Further, the step (1) specifically comprises:

(1.1) framing out the human behavior part in each frame of depth image by using human skeleton information to obtain a labeling frame containing human behaviors;

(1.2) each frame of depth image is represented as an A & ltx & gt B matrix, and matrix values corresponding to non-human body positions outside the labeling frame are set to be 0; wherein the index of each matrix value corresponds to the pixel coordinate of the location, and each matrix value corresponds to the distance between the location point of the pixel coordinate and the depth camera.

Further, according to the internal parameters of the depth camera, the correspondence relationship between the pixel coordinates of the depth image in the step (2) and the three-dimensional space point cloud under the world coordinate system is as follows:

wherein u and v are the coordinate position of each pixel in the image, and f _x ,f _y Is the depth camera focal length, c _x ,c _y Is the depth camera center point.

Further, the step (3) specifically comprises:

(3.1) setting voxel values with different sizes, and uniformly dividing the space to obtain a plurality of space grids;

and (3.2) setting the voxel value corresponding to the space grid with the point cloud data as 1, and setting the voxel values corresponding to the other space grids as 0 to obtain the multi-scale three-dimensional tensors corresponding to different voxel sizes.

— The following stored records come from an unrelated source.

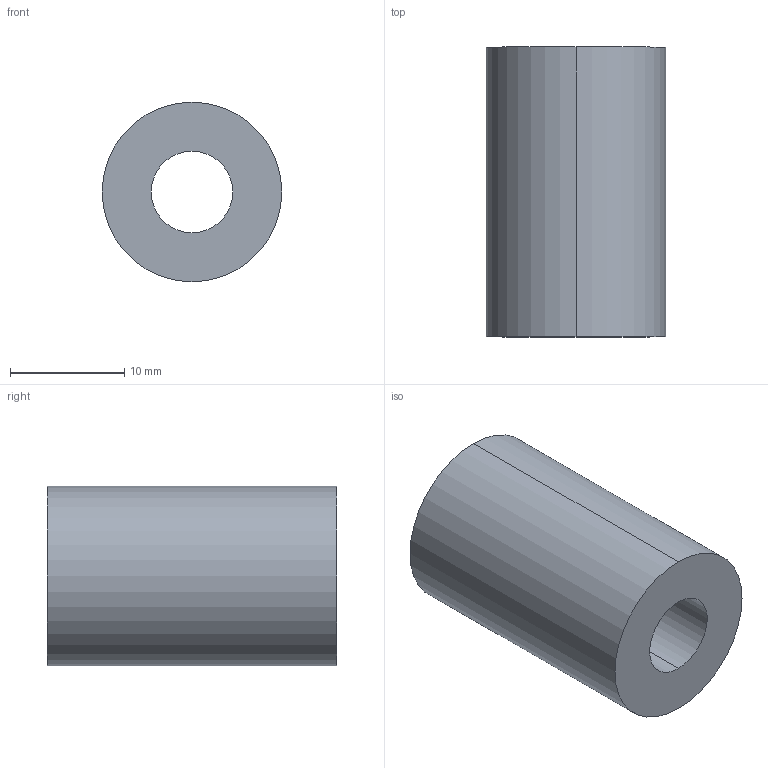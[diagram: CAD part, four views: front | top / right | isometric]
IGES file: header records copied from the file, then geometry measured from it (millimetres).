
Start section:  PTC IGES file: ilc66056205.igs
Global section: file name: ilc66056205.igs; native system: Pro/ENGINEER by Parametric Technology Corporation; preprocessor: 2004290; author: KR; organization: Unknown; date: 050628.135921; units: inch
Bounding box: 15.75 x 25.4 x 15.75 mm (x, y, z)
Surface area: 2206.9 mm2 (no closed solid volume)
Topology: 0 solids, 0 shells, 9 faces, 36 edges, 36 vertices
Faces by surface type: revolution 6, bspline 3
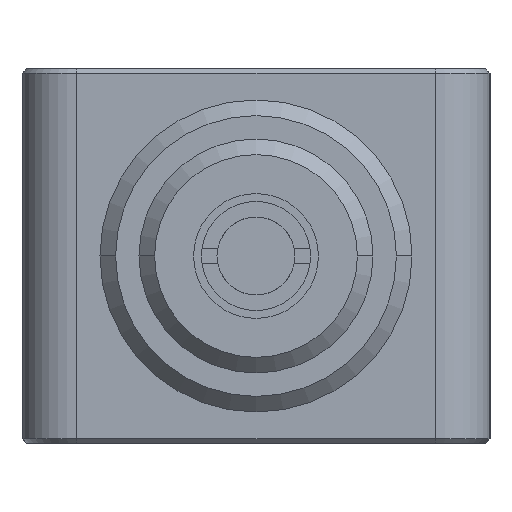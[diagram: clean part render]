
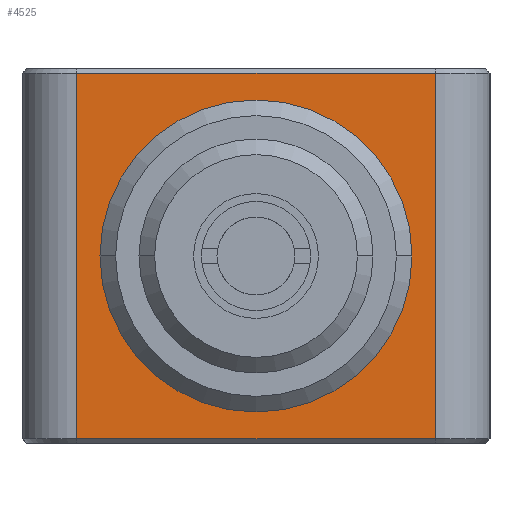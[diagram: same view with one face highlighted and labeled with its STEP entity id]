
A CAD part, left-side view. The second image highlights one B-rep face of the part: STEP entity #4525.
In plain terms, the highlighted planar face has unit normal (-1, 0, 0).
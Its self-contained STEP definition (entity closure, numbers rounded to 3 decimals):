
#513=FACE_OUTER_BOUND('',#1191,.F.);
#1080=FACE_BOUND('',#1190,.F.);
#1190=EDGE_LOOP('',(#1901,#1902));
#1191=EDGE_LOOP('',(#1903,#1904,#1905,#1906));
#1901=ORIENTED_EDGE('',*,*,#7216,.T.);
#1902=ORIENTED_EDGE('',*,*,#7215,.T.);
#1903=ORIENTED_EDGE('',*,*,#7347,.T.);
#1904=ORIENTED_EDGE('',*,*,#7316,.T.);
#1905=ORIENTED_EDGE('',*,*,#7345,.F.);
#1906=ORIENTED_EDGE('',*,*,#7298,.F.);
#4525=ADVANCED_FACE('',(#1080,#513),#5097,.T.);
#5097=PLANE('',#10105);
#5646=LINE('',#14546,#6142);
#5662=LINE('',#14564,#6158);
#5690=LINE('',#14593,#6186);
#5692=LINE('',#14595,#6188);
#6142=VECTOR('',#10955,23.);
#6158=VECTOR('',#10975,23.);
#6186=VECTOR('',#11005,23.4);
#6188=VECTOR('',#11007,23.4);
#6604=CIRCLE('',#9607,9.8);
#6605=CIRCLE('',#9608,9.8);
#7215=EDGE_CURVE('',#9273,#9272,#6604,.T.);
#7216=EDGE_CURVE('',#9272,#9273,#6605,.T.);
#7298=EDGE_CURVE('',#9190,#9189,#5646,.T.);
#7316=EDGE_CURVE('',#9169,#9168,#5662,.T.);
#7345=EDGE_CURVE('',#9189,#9168,#5690,.T.);
#7347=EDGE_CURVE('',#9190,#9169,#5692,.T.);
#9168=VERTEX_POINT('',#14357);
#9169=VERTEX_POINT('',#14358);
#9189=VERTEX_POINT('',#14378);
#9190=VERTEX_POINT('',#14379);
#9272=VERTEX_POINT('',#14461);
#9273=VERTEX_POINT('',#14462);
#9607=AXIS2_PLACEMENT_3D('',#14463,#10823,#10824);
#9608=AXIS2_PLACEMENT_3D('',#14464,#10825,#10826);
#10105=AXIS2_PLACEMENT_3D('',#17417,#12261,#12262);
#10823=DIRECTION('',(-1.,0.,0.));
#10824=DIRECTION('',(0.,-1.,0.));
#10825=DIRECTION('',(-1.,0.,0.));
#10826=DIRECTION('',(0.,1.,0.));
#10955=DIRECTION('',(0.,-1.,0.));
#10975=DIRECTION('',(0.,-1.,0.));
#11005=DIRECTION('',(0.,0.,1.));
#11007=DIRECTION('',(0.,0.,1.));
#12261=DIRECTION('',(-1.,0.,0.));
#12262=DIRECTION('',(0.,0.,1.));
#14357=CARTESIAN_POINT('',(23.925,-11.425,11.775));
#14358=CARTESIAN_POINT('',(23.925,11.575,11.775));
#14378=CARTESIAN_POINT('',(23.925,-11.425,-11.625));
#14379=CARTESIAN_POINT('',(23.925,11.575,-11.625));
#14461=CARTESIAN_POINT('',(23.925,9.875,0.075));
#14462=CARTESIAN_POINT('',(23.925,-9.725,0.075));
#14463=CARTESIAN_POINT('',(23.925,0.075,0.075));
#14464=CARTESIAN_POINT('',(23.925,0.075,0.075));
#14546=CARTESIAN_POINT('',(23.925,11.575,-11.625));
#14564=CARTESIAN_POINT('',(23.925,11.575,11.775));
#14593=CARTESIAN_POINT('',(23.925,-11.425,-11.625));
#14595=CARTESIAN_POINT('',(23.925,11.575,-11.625));
#17417=CARTESIAN_POINT('',(23.925,-14.925,-11.925));

Further, the performing spatial time series coding on the three-dimensional tensor corresponding to each time period in the step (4) specifically includes:

(01) according to a sorting function S (v; u) ═ u ^t ·v _t Scoring the frame image;

wherein u is ^t Representing the transpose of the vector resulting from the optimization of the sorting function,

mean feature, x, representing the t-th frame depth image _t Represented as the t-th frame depth image,

representing a three-dimensional tensor obtained by voxelization of the t frame depth image;

(02) optimizing the parameter u of the sorting function through a rankSVM, so that the frame images behind the time series have larger scores;

(03) converting the optimal value of the parameter u into a tensor of W H D, and using the tensor as a three-dimensional tensor space-time sequence of the three-dimensional tensor of the same scale corresponding to the time period after space time sequence coding; h, W, D represents the number of voxels in the three-dimensional space X-axis, Y-axis, and Z-axis of the point cloud voxelized in the scale.

Further, the step (5) specifically comprises:

(5.1) extracting spatial position information corresponding to the three-dimensional tensor space-time sequence index and time sequence information corresponding to the element values of the spatial position information to obtain M pieces of high-dimensional point cloud data (x, y, z, c) ₁ ,…,c _m ) Wherein M is the number of video segments obtained by time division of the depth video, and M represents a three-dimensional tensor space-timeC represents the motion information of the tensor value under the corresponding coordinate position;

(5.2) in M high-dimensional point cloud data (x, y, z, c) ₁ ,…,c _m ) And randomly selecting K from the Chinese characters as human behavior space-time characteristics.

And further, after data enhancement is carried out on the human behavior space-time characteristics by adopting a data enhancement mode of rotation and translation, a trained 3D target point cloud classification model is input for classification.

Further, the 3D target point cloud classification model comprises a multilayer sensor and a non-local mechanism NetVLAD network which are sequentially connected;

the multilayer perceptron is used for sampling and grouping the human behavior space-time characteristics and extracting the characteristics of each group of behavior space-time characteristics to obtain a plurality of groups of local characteristics;

the non-local mechanism NetVLAD network aggregates a plurality of groups of local characteristics to obtain the non-local characteristics.

In general, compared with the prior art, the above technical solution contemplated by the present invention can achieve the following beneficial effects:

(1) the method effectively screens the spatial position of the human body by detecting the human body behaviors in the plane depth image, and converts the depth image containing the human body behaviors into the point cloud sequence so as to restore the spatial information of the human body behaviors and facilitate the subsequent acquisition of richer human body behavior characteristics; on the basis, the point cloud sequence is subjected to voxelization and spatial time sequence coding, so that the spatial geometrical characteristics of the depth video are fully excavated, and the accuracy of human behavior recognition is effectively improved.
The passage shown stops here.